Ahora bien, el proceso de la colonización de la región del Sarare, y el consecuente establecimiento de dinámicas de poblamiento basadas en la tumba del monte, la fundación, la apropiación de tierras consideradas como baldíos de la nación y la paulatina urbanización, que fueron contribuyendo al desarrollo territorial del departamento de Arauca, constituyen en su conjunto todo un proceso social de producción del territorio, definido por las dinámicas autogestionarias basadas en lazos de colaboración y solidaridad, mientras que el Estado se mantiene, en cierto modo, ausente.

Así, se fueron consolidando,

dos núcleos de crecimiento demográfico y económico de importancia: Arauca, la capital, en pleno llano y Saravena, en el piedemonte, sobre la selva del Sarare.
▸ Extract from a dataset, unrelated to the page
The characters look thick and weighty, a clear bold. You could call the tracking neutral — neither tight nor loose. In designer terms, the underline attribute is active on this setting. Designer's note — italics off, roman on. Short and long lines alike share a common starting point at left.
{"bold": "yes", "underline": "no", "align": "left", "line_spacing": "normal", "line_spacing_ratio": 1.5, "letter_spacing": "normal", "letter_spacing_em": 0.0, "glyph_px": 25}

Entre estos municipios se ha dado una suerte de complementariedad y competencia por el liderazgo político y económico. (Gutiérrez, 2010, p. 9)
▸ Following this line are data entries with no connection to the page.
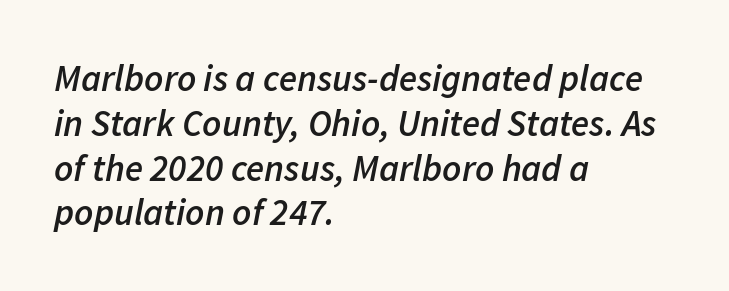
{"italic": "yes", "lean": "right", "slant_degrees": 11, "bold": "semi", "weight": "semibold", "width": "normal", "stroke_contrast": "low", "x_height": "medium", "monospaced": "no", "underline": "no", "align": "left", "line_spacing_ratio": 1.21, "letter_spacing": "normal", "letter_spacing_em": 0.0, "glyph_px": 37}
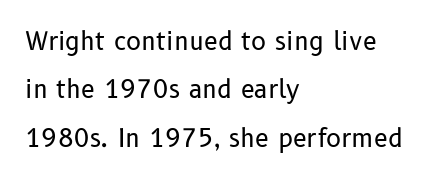
Q: Is the text bold? A: No.
Q: Is the text italic (slanted)? A: No, it is upright.
Q: Is the text underlined? A: No.
Q: How is the paragraph aligned? A: Left-aligned.
Q: Is the spacing between letters normal or unusually wide? A: Normal.
Q: Is the spacing between lines tight, normal or loose? A: Loose.

En este sentido, vale la pena considerar que la fragmentación que ha hecho de Arauca una zona de frontera en las dos perspectivas vistas, ha generado también una fragmentación institucional, que han provocado “divergencias profundas […] sobre la manera como se concibe, se interpreta y se aplican las normas. Esto es particularmente notorio en los órganos encargados de mantener el orden público” (García, 2008, p. 38).
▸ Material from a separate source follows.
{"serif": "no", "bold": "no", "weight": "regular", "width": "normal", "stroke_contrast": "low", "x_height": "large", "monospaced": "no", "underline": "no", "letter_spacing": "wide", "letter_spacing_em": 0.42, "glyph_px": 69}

La fragmentación institucional y las fisuras de una soberanía que nunca estuvo exclusivamente en cabeza del Estado fueron el escenario propicio para la penetración guerrillera en Arauca: hacia 19661, los primeros militantes del ELN llegan a la zona de colonización a establecer formas organizativas comunitarias en los renglones económicos a manera de cooperativas, y de reclamación ante el Estado frente a las necesidades de acceso a tecnologías, créditos, infraestructura y conformación de mercados (Gutiérrez, 2010).

Para entender la forma en la que se dio el proceso de la colonización, y la manera sobre la cual debería operar lo institucional, Serje (2011) devela la existencia de un estado civil que solo puede crearse por efecto de crear primero al Otro, a un Otro monstruoso, bruto, sin habla, salvaje, con desenfreno de sus propias pasiones. Este es el Otro que habita el estado de naturaleza, el cual resulta imprescindible para fundar el estado civil, como justificación para su eliminación.

Este Otro no tenía necesariamente que ser un “comegente” para poder ser el objeto de la violencia de la gesta civilizadora —llamada regulación normativa—, solo resistirse ante el poder avasallador de la colonia era argumento suficiente para ser calificado como un vestigio del atraso. “A partir de entonces, toda forma de resistencia al orden urbano colonial-moderno se ha visto convertida en barbarie y delincuencia” (Serje, 2011, p. 228). Delincuencia, curiosa apelación nuevamente a una categoría jurídica.

Además de sujetos que deben ser regulados mediante la implantación del Derecho formal, un aspecto útil para entender el contexto territorial tiene que ver con la aparición del petróleo como un factor fundamental que explica las dimensiones de las relaciones vigentes en Arauca vistas a través del lente de la integración nacional: la extracción de recursos minero-energéticos en una modalidad de enclave.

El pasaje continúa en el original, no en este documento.